Wheat still is mostly on track for a normal beginning to wheat grazing in late November to early December, he said.
STOCKER PRICES DOWN
Stocker cattle prices in Oklahoma decreased only slightly through September, showing a less-than-seasonal price decline, Peel said. Prices have been variable from week to week with fluctuating weather conditions and futures market volatility.
September prices for stocker steers and heifers averaged 14% to 18% higher than last year despite a 20% increase in feeder cattle auction volume compared to one year ago, he said. It certainly appears that stocker demand remains strong.

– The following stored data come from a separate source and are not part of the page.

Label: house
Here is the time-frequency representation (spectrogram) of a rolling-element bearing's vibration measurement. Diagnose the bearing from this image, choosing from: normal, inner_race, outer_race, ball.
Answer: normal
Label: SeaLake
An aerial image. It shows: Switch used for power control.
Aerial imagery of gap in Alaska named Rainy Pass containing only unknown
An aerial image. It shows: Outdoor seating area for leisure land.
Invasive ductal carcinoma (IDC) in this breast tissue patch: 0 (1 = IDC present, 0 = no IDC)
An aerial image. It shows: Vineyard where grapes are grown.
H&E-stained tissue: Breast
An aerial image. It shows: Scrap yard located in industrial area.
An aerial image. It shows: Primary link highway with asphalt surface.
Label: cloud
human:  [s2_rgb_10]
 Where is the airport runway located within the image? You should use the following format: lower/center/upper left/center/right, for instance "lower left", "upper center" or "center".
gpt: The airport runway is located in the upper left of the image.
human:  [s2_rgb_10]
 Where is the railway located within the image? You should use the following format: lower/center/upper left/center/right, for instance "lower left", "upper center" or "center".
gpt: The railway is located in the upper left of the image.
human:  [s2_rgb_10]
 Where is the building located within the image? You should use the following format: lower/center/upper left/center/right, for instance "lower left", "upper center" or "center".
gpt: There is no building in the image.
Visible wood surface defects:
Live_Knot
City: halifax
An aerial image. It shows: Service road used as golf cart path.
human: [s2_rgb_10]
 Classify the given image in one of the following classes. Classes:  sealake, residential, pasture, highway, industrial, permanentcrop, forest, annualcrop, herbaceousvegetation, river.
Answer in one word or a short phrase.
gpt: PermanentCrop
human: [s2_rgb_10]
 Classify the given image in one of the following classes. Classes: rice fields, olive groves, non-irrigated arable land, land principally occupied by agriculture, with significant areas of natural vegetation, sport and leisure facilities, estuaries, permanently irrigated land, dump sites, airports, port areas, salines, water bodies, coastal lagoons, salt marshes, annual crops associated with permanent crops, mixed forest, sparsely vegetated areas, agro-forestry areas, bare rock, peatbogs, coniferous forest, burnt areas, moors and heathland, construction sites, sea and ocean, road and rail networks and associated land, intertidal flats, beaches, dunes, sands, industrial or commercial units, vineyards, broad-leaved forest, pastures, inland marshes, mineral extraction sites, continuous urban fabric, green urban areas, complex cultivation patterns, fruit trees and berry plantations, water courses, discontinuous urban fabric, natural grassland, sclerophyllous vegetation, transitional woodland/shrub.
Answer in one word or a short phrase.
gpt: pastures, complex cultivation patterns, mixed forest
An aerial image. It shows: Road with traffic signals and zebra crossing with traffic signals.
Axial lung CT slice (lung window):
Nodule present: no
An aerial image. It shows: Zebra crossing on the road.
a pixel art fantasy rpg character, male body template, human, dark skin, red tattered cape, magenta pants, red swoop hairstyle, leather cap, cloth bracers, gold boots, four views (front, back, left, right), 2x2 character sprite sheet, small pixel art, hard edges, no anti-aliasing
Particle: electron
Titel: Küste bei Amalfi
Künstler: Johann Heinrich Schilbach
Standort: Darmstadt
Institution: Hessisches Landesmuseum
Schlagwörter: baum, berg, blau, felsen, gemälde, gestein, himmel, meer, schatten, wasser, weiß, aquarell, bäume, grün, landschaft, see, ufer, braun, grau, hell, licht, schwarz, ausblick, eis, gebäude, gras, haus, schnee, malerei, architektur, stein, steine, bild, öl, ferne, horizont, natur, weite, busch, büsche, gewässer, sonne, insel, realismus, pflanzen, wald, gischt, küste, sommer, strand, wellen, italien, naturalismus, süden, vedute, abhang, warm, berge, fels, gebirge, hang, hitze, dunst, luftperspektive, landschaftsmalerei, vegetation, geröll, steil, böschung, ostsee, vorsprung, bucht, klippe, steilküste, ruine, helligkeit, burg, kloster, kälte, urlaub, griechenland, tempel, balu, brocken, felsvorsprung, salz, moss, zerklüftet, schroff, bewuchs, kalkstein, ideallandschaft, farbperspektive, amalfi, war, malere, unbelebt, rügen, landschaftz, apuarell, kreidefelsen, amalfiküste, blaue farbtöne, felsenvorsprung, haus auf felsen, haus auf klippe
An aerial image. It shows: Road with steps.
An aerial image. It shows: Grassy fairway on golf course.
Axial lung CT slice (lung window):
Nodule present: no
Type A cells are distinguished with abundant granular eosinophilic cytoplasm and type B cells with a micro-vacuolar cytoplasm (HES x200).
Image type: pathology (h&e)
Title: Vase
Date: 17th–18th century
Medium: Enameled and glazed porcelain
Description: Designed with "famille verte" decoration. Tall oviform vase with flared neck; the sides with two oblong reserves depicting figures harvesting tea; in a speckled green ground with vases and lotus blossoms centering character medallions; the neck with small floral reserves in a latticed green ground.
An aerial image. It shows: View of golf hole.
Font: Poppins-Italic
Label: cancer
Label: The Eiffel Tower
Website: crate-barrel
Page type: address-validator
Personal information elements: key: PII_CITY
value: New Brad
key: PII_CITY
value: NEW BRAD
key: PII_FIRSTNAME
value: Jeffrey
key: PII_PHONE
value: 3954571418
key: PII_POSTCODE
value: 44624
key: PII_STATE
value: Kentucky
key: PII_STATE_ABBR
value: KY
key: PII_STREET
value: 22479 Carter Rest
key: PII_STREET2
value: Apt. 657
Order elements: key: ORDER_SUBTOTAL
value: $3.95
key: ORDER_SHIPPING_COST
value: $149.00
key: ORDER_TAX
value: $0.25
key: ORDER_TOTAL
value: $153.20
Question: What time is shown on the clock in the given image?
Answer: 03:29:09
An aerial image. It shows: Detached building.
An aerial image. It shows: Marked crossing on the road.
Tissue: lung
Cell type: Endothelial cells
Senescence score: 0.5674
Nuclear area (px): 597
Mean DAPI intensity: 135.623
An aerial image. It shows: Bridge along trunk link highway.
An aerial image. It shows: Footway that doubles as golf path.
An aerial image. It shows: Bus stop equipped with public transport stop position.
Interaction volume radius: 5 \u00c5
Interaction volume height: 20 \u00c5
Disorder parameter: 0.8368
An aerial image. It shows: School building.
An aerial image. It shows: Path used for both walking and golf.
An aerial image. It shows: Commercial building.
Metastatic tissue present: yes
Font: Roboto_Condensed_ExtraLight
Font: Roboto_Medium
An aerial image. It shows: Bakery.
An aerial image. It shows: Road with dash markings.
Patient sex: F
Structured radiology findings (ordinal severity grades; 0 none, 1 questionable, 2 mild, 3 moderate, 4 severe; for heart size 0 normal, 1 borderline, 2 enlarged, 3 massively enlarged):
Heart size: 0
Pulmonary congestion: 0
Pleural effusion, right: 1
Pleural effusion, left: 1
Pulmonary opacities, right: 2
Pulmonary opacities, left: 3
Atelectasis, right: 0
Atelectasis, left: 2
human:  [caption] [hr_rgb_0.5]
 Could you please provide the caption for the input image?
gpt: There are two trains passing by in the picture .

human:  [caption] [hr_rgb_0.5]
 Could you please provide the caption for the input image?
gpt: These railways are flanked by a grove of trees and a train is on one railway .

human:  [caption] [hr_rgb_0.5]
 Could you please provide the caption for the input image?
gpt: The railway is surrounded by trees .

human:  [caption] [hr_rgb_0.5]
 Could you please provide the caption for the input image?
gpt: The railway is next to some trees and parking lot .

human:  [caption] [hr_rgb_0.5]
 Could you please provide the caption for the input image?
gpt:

The abundance of available pasture and hay, likely has supported stocker demand with continued expectations of good wheat grazing yet to come, Peel said. It appears that significant numbers of stockers are being received and started in a variety of backgrounding programs in anticipation of winter pasture.
Stocker prices may weaken seasonally with the biggest calf runs expected in the next month to six weeks but the seasonal declines may be less than typical with continued strong stocker demand, he added.
A strong rally in feeder futures since late August offers improved winter stocker profit potential. At current levels, Mar futures would allow a 750-pound steer to be priced at roughly $150 per cwt in Oklahoma.
A 475-pound steer at today’s prices, would have a March 1 breakeven of $130-$137 per cwt at 750 pounds depending on pasture and other costs. Such opportunities to price in winter stocker margins are rare and generally fleeting.
Frankly, it is hard to justify current feeder futures prices for the spring based on cattle market fundamentals, but speculative moves in futures are wildly unpredictable.
Producers should act promptly if these futures price levels are attractive, Peel said.
While no major cattle market weakness is foreseeable at this time, general expectations are for modestly lower cattle prices in 2018 on continued growth in cattle supplies and beef production.
There clearly is more downside risk than upside potential from current levels.
CATTLE, BEEF RECAP
No cattle sold Wednesday on the Livestock Exchange video auction.
Cash trade was reported late last week at $107 to $108 per cwt on a live basis, steady to $1 lower than the bulk of last week’s action. Sales in dressed markets were reported at $172, steady to up $2.
The USDA’s choice cutout Monday was up $0.60 per cwt at $197.22, while select was off $0.22 at $188.28. The choice/select spread widened to $8.94 from $8.12 with 73 loads of fabricated product sold into the spot market.
The CME Feeder Cattle index for the seven days ended Friday was $154.30 per cwt, up $1.34. This compares with Monday’s Oct settlement of $150.35, down $1.87.